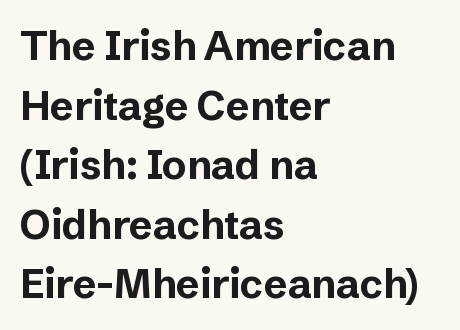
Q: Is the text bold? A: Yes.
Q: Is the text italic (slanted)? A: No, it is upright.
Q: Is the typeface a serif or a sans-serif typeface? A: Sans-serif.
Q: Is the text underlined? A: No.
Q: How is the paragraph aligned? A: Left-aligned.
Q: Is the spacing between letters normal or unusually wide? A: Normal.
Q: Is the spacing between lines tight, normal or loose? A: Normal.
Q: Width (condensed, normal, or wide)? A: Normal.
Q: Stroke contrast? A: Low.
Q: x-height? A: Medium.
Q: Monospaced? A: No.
▬▬▬
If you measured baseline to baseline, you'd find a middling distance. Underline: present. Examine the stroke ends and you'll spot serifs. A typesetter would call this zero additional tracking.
▬▬▬
• [What this task involves]:
Copy word for word the stretch of entries above from the line that has "Q: Is the text italic" through the line that has "Q: Is the spacing between lines", both ends included, and nothing outside it.

• [Result of the task]:
Q: Is the text italic (slanted)? A: No, it is upright.
Q: Is the typeface a serif or a sans-serif typeface? A: Sans-serif.
Q: Is the text underlined? A: No.
Q: How is the paragraph aligned? A: Left-aligned.
Q: Is the spacing between letters normal or unusually wide? A: Normal.
Q: Is the spacing between lines tight, normal or loose? A: Normal.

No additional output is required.